Pipeteer connects the queues (and provides multiple queue implementations). For example:

```python
from pipeteer import Queue, make_queues, QueueKV

def make_queue(Type: type, path: Sequence[str]) -> Queue:
  table = '-'.join(path)
  return QueueKV.sqlite(Type, path='queues.db', table=table)

Qin = make_queue(Input, ['input'])
Qout = make_queue(Output, ['output'])
queues = make_queues(Qin, Qout, workflow, make_queue)
artifacts = Artifacts.of(queues)
```

### Running the Artifacts

You can run the artifacts as needed.
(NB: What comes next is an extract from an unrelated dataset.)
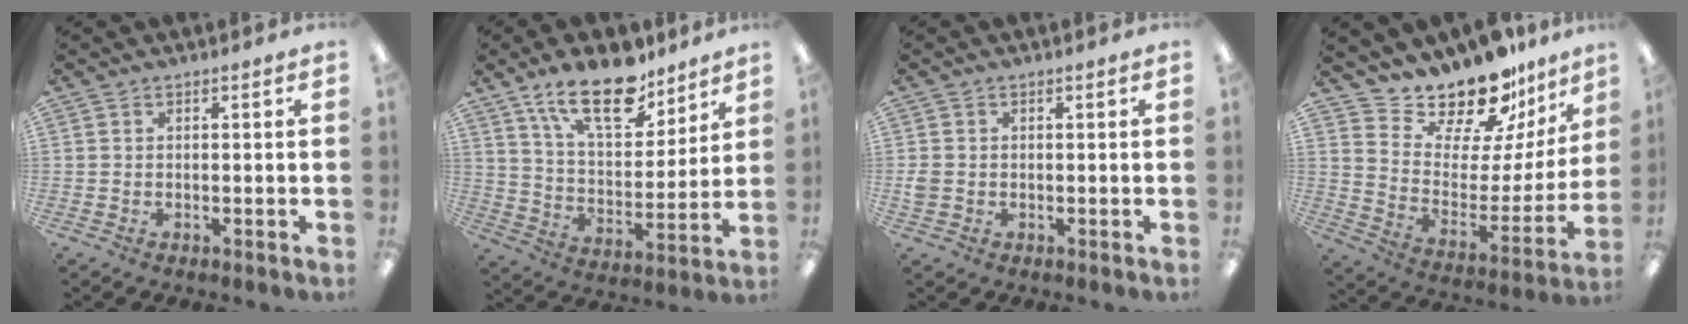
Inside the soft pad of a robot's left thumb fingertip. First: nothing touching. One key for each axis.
{"total": 18.8, "fx": 13.5, "fy": 8.0, "fz": 10.4, "tx": -0.180, "ty": -0.068, "tz": 0.235}
{"total": 2.2, "fx": -0.1, "fy": 2.0, "fz": 1.0, "tx": -0.008, "ty": 0.002, "tz": -0.004}
{"total": 19.4, "fx": 17.7, "fy": 5.9, "fz": 5.1, "tx": -0.087, "ty": -0.156, "tz": 0.307}

For instance:

```python
from multiprocessing import Process
import asyncio
from fastapi import FastAPI
import uvicorn

api = FastAPI()
api.mount('/validation', artifacts.validation_api)
api.mount('/correction', artifacts.manual_api)

procs = [
  Process(target=uvicorn.run, args=(api, )),
  Process(target=asyncio.run, args=(artifacts.auto_correct,))
]
for proc in procs:
  proc.start()
for proc in procs:
  proc.join()
```

### Installation

```sh
pip install pipeteer
```

### Usage

Follow the example provided to define your workflows, wrap pipelines, and run the artifacts.